### Task to complete
Copy out the data exactly as it appears, without a single image.

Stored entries
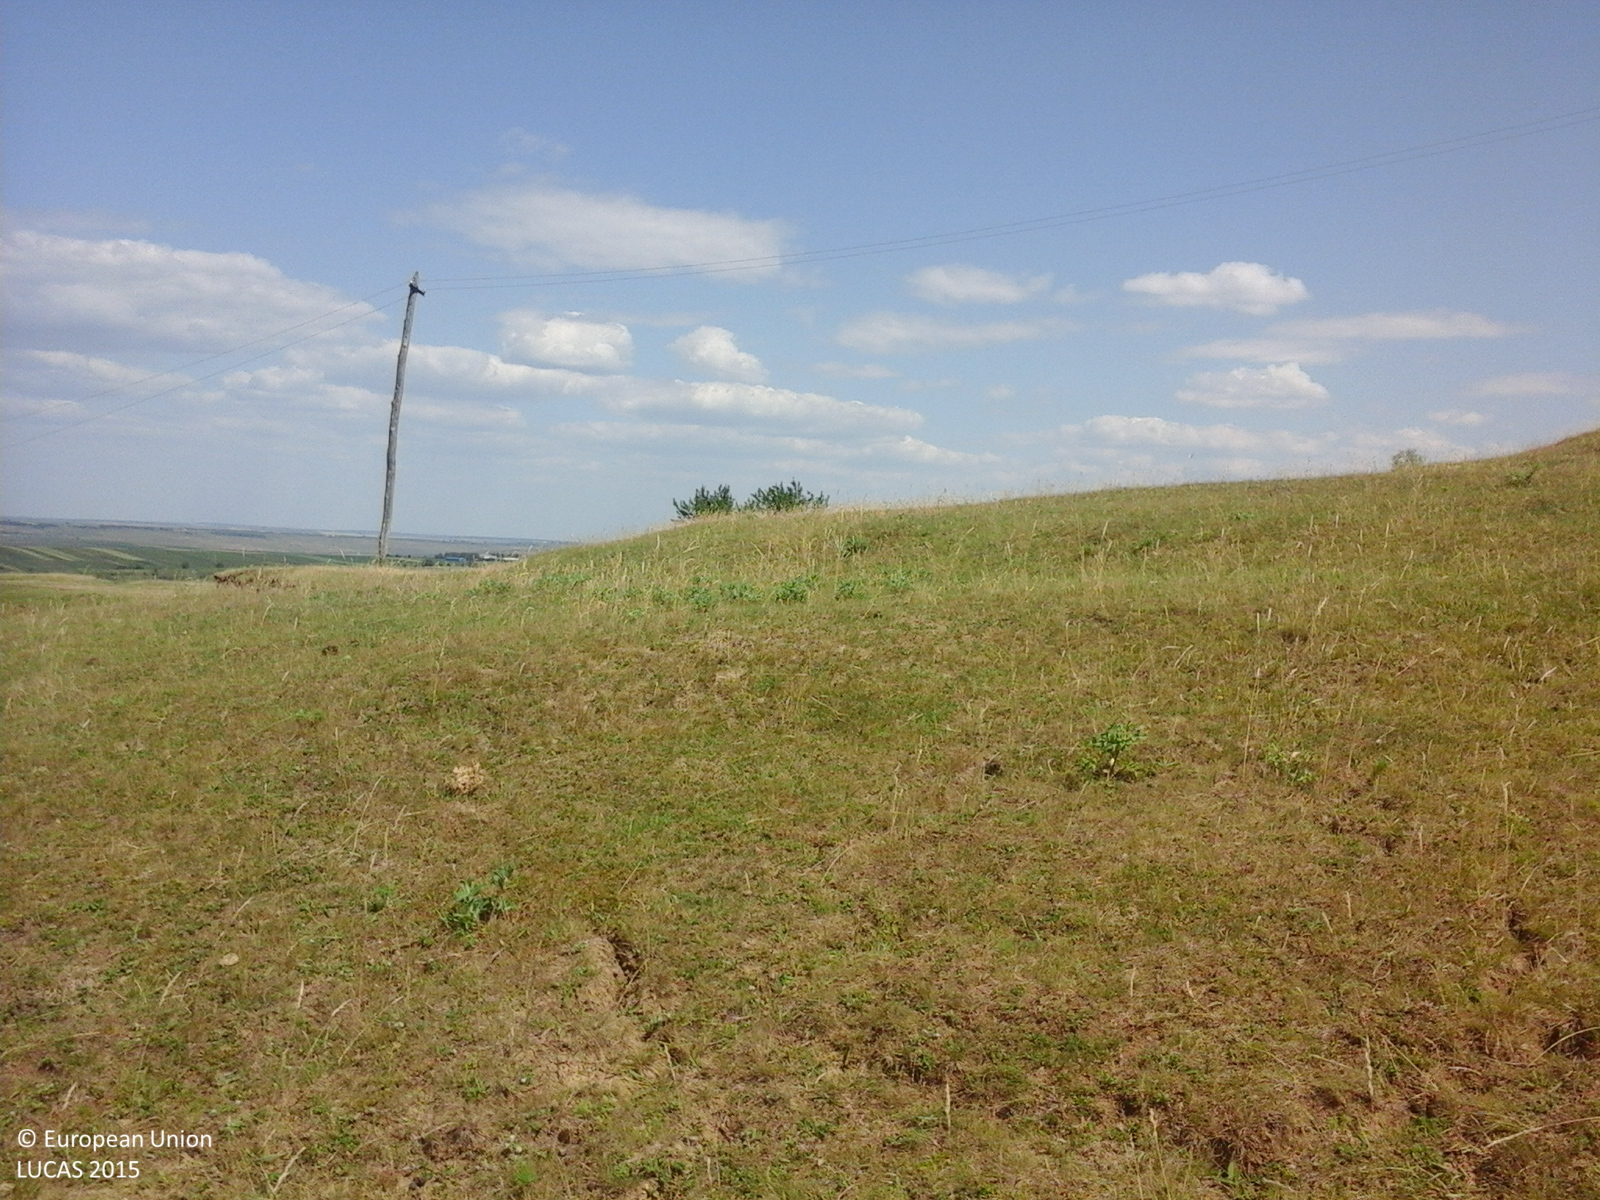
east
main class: Grassland
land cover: Grassland without tree/shrub cover
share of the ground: > 75 %
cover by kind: herbaceous plants 100 %
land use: Agriculture (excluding fallow land and kitchen gardens)
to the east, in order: Grassland without tree/shrub cover; Tracks; Grassland without tree/shrub cover; Electric lines; Grassland without tree/shrub cover; Tracks; Grassland without tree/shrub cover
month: June
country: RO
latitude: 47.7955
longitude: 26.4980

### Completed task
east
main class: Grassland
land cover: Grassland without tree/shrub cover
share of the ground: > 75 %
cover by kind: herbaceous plants 100 %
land use: Agriculture (excluding fallow land and kitchen gardens)
to the east, in order: Grassland without tree/shrub cover; Tracks; Grassland without tree/shrub cover; Electric lines; Grassland without tree/shrub cover; Tracks; Grassland without tree/shrub cover
month: June
country: RO
latitude: 47.7955
longitude: 26.4980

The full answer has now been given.